In an embodiment, a molar ratio of the first ligand to the second ligand may be in a range of about 0.3:1 to about 0.8:1. When the molar ratio of the first ligand to the second ligand is within this range, light resistance of the quantum dot complex may be improved.
In an embodiment, the quantum dot may have a core-shell structure that includes a core including a semiconductor compound and a shell including a semiconductor compound.
In an embodiment, the quantum dot may include: a Group II-VI semiconductor compound; a Group III-V semiconductor compound; a Group III-VI semiconductor compound; a Group I-III-VI semiconductor compound; a Group IV-VI semiconductor compound; a Group IV element or compound; or a combination thereof.
Examples of a Group II-VI semiconductor compound may include: a binary compound, such as CdS, CdSe, CdTe, ZnS, ZnSe, ZnTe, ZnO, HgS, HgSe, HgTe, MgSe, or MgS; a ternary compound, such as CdSeS, CdSeTe, CdSTe, ZnSeS, ZnSeTe, ZnSTe, HgSeS, HgSeTe, HgSTe, CdZnS, CdZnSe, CdZnTe, CdHgS, CdHgSe, CdHgTe, HgZnS, HgZnSe, HgZnTe, MgZnSe, or MgZnS; a quaternary compound, such as CdZnSeS, CdZnSeTe, CdZnSTe, CdHgSeS, CdHgSeTe, CdHgSTe, HgZnSeS, HgZnSeTe, or HgZnSTe; or a combination thereof.
Examples of a Group III-V semiconductor compound may include: a binary compound, such as GaN, GaP, GaAs, GaSb, AlN, AlP, AlAs, AlSb, InN, InP, InAs, InSb, and the like; a ternary compound, such as GaNP, GaNAs, GaNSb, GaPAs, GaPSb, AlNP, AlNAs, AlNSb, AlPAs, AlPSb, InGaP, InNP, InAlP, InNAs, InNSb, InPAs, InPSb, and the like; a quaternary compound, such as GaAlNP, GaAlNAs, GaAlNSb, GaAlPAs, GaAlPSb, GaInNP, GaInNAs, GaInNSb, GaInPAs, GaInPSb, InAlNP, InAlNAs, InAlNSb, InAlPAs, InAlPSb, and the like; or any combination thereof. In an embodiment, a Group III-V semiconductor compound may further include a Group II element. Examples of a Group III-V semiconductor compound further including a Group II element may include InZnP, InGaZnP, InAlZnP, etc.

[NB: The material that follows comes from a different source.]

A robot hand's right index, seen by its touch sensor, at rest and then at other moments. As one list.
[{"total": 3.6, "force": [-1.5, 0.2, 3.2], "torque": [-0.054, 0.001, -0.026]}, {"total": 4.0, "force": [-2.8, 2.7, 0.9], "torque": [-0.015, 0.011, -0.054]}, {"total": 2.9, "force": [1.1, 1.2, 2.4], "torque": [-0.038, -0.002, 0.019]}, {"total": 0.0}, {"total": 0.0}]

Examples of a Group III-VI semiconductor compound may include: a binary compound, such as GaS, GaSe, GazSe3, GaTe, InS, InSe, In2S3, In2Se3, or InTe; a ternary compound, such as InGaSs, or InGaSes; or a combination thereof.
Examples of a Group I-III-VI semiconductor compound may include: a ternary compound such as AgInS, AgInS2, CuInS, CuInS2, CuGaO2, AgGaO2, or AgAlO2; a quaternary compound such as AgInGaS or AgInGaS2; or a combination thereof.
Examples of a Group IV-VI semiconductor compound may include: a binary compound, such as SnS, SnSe, SnTe, PbS, PbSe, or PbTe; a ternary compound, such as SnSeS, SnSeTe, SnSTe, PbSeS, PbSeTe, PbSTe, SnPbS, SnPbSe, or SnPbTe; a quaternary compound, such as SnPbSSe, SnPbSeTe, or SnPbSTe; or a combination thereof.
Examples of a Group IV element or compound may include: a single element material, such as Si or Ge; a binary compound, such as SiC or SiGe; or a combination thereof.
Each element included in a compound such as a binary compound, a ternary compound, or a quaternary compound may be present in a particle at a uniform concentration or at a non-uniform concentration.
In an embodiment, examples of a semiconductor compound included in the shell may include CdS, CdSe, CdTe, ZnS, ZnSe, ZnTe, ZnSeS, ZnTeS, GaAs, GaP, GaSb, HgS, HgSe, HgTe, InAs, InP, InGaP, InSb, AlAs, AlP, AlSb, or a combination thereof.
In an embodiment, the quantum dot may include a copper indium gallium sulfide (CIGS) core and a ZnS or GaS shell.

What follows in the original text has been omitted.